Saturday 23 March 2024

The Cushion of The Years (Shield against Apollyon)

 

Tonight, at 51, With the duvet pulled up to my ears,

I will play myself to sleep,

With the cassette replacement,

Of the tape my mother bought for me,

To mark, at 15, my passing into a sort of infant maturity,

A bud that does not resemble but contain,

The bloom of tomorrow,

And it's foregone conclusions,


She tucked me in with words,

And self fulfilling prophecy,

"You're old enough now, to appreciate this"

She predicted.


Tonight, at 51, I tuck myself in.

And in putting on the cassette, I pull up the covers,

The padded cushion of the years,

I pull them over my head,

I kick fast to warm the bed,

Like I'm running home,


And I am 15, 

And the Shakespearean blanket of warmth,

Covers my ears,

And forms a barrier from my thoughts of the present,

A barrier for all the years that are out there,

I am home

And she is in the other room just feet away,

As near and as far as present day,



And for some reason, Apollyon, comforts me,

With his scathing enmity:


"I am an enemy to this prince,

I hate his person, his laws, and people,

I am come out on purpose to withstand thee!
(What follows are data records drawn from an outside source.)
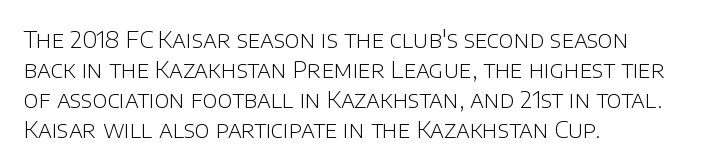
The image shows 23 px text type, upright; set left-aligned, normal line spacing (1.3x), normal letter spacing, not underlined.
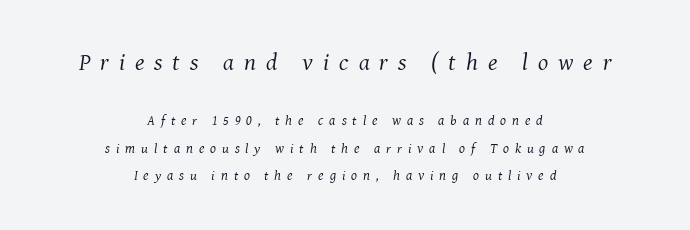
Q: Is the text bold? A: No.
Q: Is the text italic (slanted)? A: Yes, it leans right by about 8 degrees.
Q: Is the text underlined? A: No.
Q: How is the paragraph aligned? A: Centered.
Q: Is the spacing between letters normal or unusually wide? A: Unusually wide.
Q: Is the spacing between lines tight, normal or loose? A: Loose.
Q: Which block of text is set in a larger size, the first (top) or the second (bottom)? A: The first (top) one.
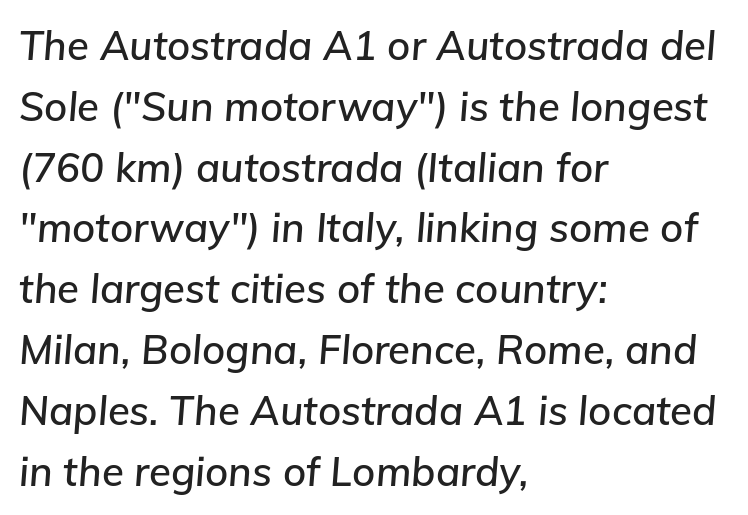
{"italic": "yes", "lean": "right", "slant_degrees": 5, "width": "normal", "stroke_contrast": "low", "x_height": "medium", "monospaced": "no", "underline": "no", "align": "left", "line_spacing": "normal", "line_spacing_ratio": 1.52, "letter_spacing": "normal", "letter_spacing_em": 0.0, "glyph_px": 40}
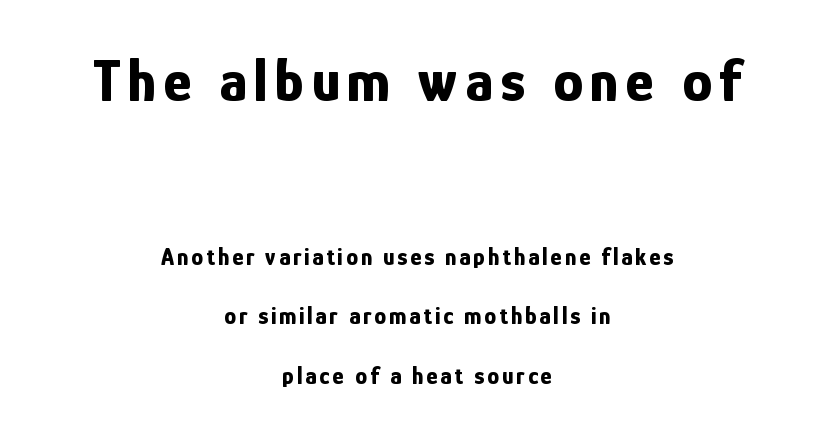
{"serif": "no", "italic": "no", "bold": "yes", "weight": "bold", "width": "condensed", "stroke_contrast": "low", "x_height": "medium", "monospaced": "no", "underline": "no", "align": "center", "line_spacing": "loose", "line_spacing_ratio": 2.47, "larger_block": "first", "size_ratio": 2.5, "glyph_px": 60}
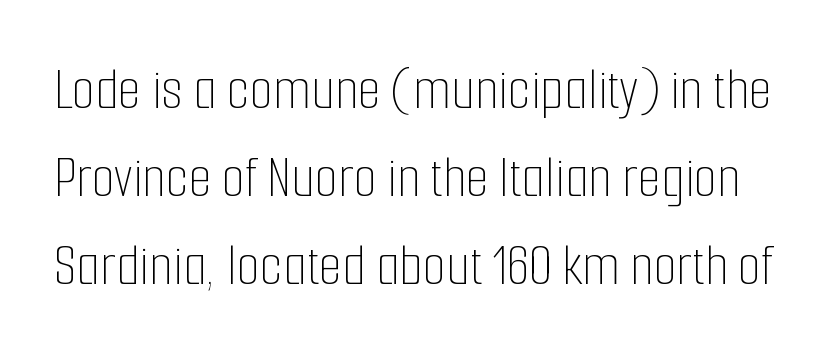
The image shows 60 px thin, condensed type, upright; set normal line spacing (1.47x), normal letter spacing, not underlined; low stroke contrast and a medium x-height.
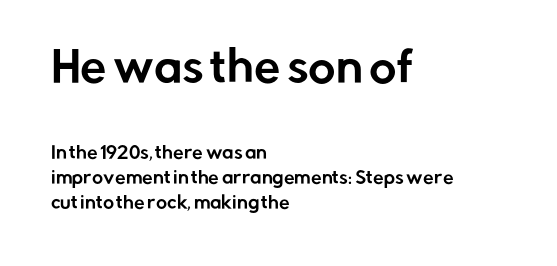
The image shows 42 px sans-serif type, upright; set left-aligned, normal line spacing (1.47x), normal letter spacing, not underlined; the first (top) block is 2.47x larger; low stroke contrast and a medium x-height.
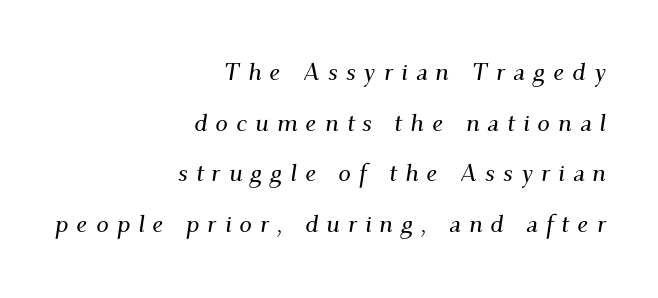
Glyph-to-glyph distance is far greater than everyday printed text. An italicized treatment has been applied to the whole sample. Leading: increased. Line endings align vertically; line beginnings do not. Check the space under the baseline: it is left empty.
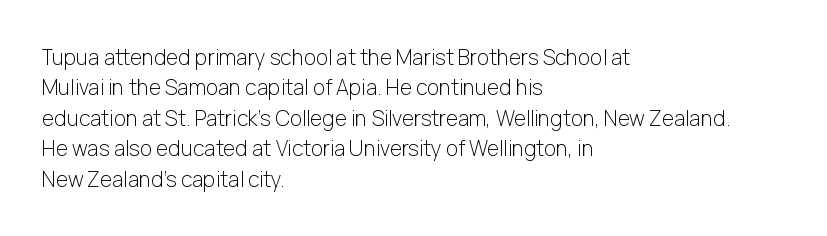
Letter spacing: default. Ink coverage per letter is moderate at most. The rag falls on the right side of this text block. Descenders are the only things crossing below the line. This block has exactly the height ordinary leading produces. This is the regular roman posture of the typeface.

Here will I spill thy very soul!"


And for all the spat out fury of the blow-hard,

And as dangerous as he is,

It gives me resolve,

To stay beneath the shield of sheets,

The field of sleeps,

Until my fears dissolve,


And the cushion of the years is thick

And thicker the more the years go by,

And I will burrow in that bed,

And shelter from Apollyon's cry






Tuesday 27 February 2024

Even a Broken Clock

Even a broken, old fashioned clock

Is correct 2 times a day,

And perhaps if I stay as I am,

You'll come, in time,

To see things my way,


If time is the variable,

And not the nailed down, sealed in truth,

Then the fixed hands of opinion, 

Though opinions rotate,

Will point to the proof,



And if truth is the variable

Then what good is it to me,

If I require the eternal energy

To keep up, constantly,


No, The truth, this truth is my truth

And the time is on the shelve 

And what ever time it is, the truth is,

It's always 1 minute to twelve.






Monday 12 February 2024

Thrown To Wolves

Bequeathed to me by the glare and crackle

Of the grey-black TV light 

And lurking lurid colours

Late in the lacking night,


The door cracked open,

I saw fear without fright,

I woke without waking

I could not see but somehow knew.

I saw without sight.



And I, by the sly of the older boy,

In the recreation ground,

Lost innocence of eye through a window

After church, at the back of the mound,

And no amount of gouging could pluck out

The loss that I'd found,

And so from man to boy to man,

We go around and around


I was thrown to the wolves

And wanting

I was shown to the water

And left to drown,


And all the flesh that followed me

And the hot seed of desire

Smouldered in the scorched earth

As it forged its false path of fire

And the trail I blazed

And left

And found and left and found

Is the path I trail with breadcrumbs

and led my children down


And threw them to the wolves

As I was thrown before,

When I woke up in the night

Looking through the crack in the door,


But the wolves are much hungrier now

They are ravenous and bold

They are predator and four dimensional

Not like the wolves of old

And the demons that they summon

Or the demons that summon them

Will not stop, will stop at nothing

And the wolves will come, and come, 

And then will come again.





Sunday 28 January 2024

The Investment

 The investment

one drop,

in an ocean of drops,

one cardboard cut-out,

in a sea of props,

one stop,

in a mall of shops,

the least,

the beast,

the mundanity that's so underwhelming,

 

and who will notice me

would you look on me?

 

one ant,

on a hill of ants

one lonely kid

in his gym pants

and vest a vested interest

in the uninteresting

but here comes the investing

 

you believed in me

when frankly you were out of your omniscient mind

you invested in me,

when bluntly, I don't mean to be unkind

but there were better candidates

people who would validate

such attention

did I mention

that your undeserved favour,

was a flavour I couldn't savour

like a drink offering

I am merely proffering

the notion

like the ocean,

of drops

the favour never stops

and though you spend a billion

for one in return,

like a crazy fool god

you never seem to learn

I'm afraid to say

that slowly,

I'm coming to see it your way

and I'm just starting to receive

the thing I must believe

 

that you love me.


29.01.2011

Wednesday 27 December 2023

The Oboe and The Clarinet

Oh no,

She played the Oboe,

Secured her place in the music group, 

Yet I played piano to such poor standard,

I'd never get let,

Into the loop,

(Never could jump through that hoop)


For Tuesday nights practice she'd walk down the path, all staccato,

Heels on the path that led to our home,

And as the group tuned up in our lounge, all vibrato,

I'd sit in my room, on my bed, all alone,

(and follow the tones of the drone)


I'd see if I could pick out the notes of the oboe,

The oboe was the one that sounds like a duck,

And I was a wolf that hunted those sounds,

And lay in my lair, just cursing my luck,

(and the taunts of the blow and the suck)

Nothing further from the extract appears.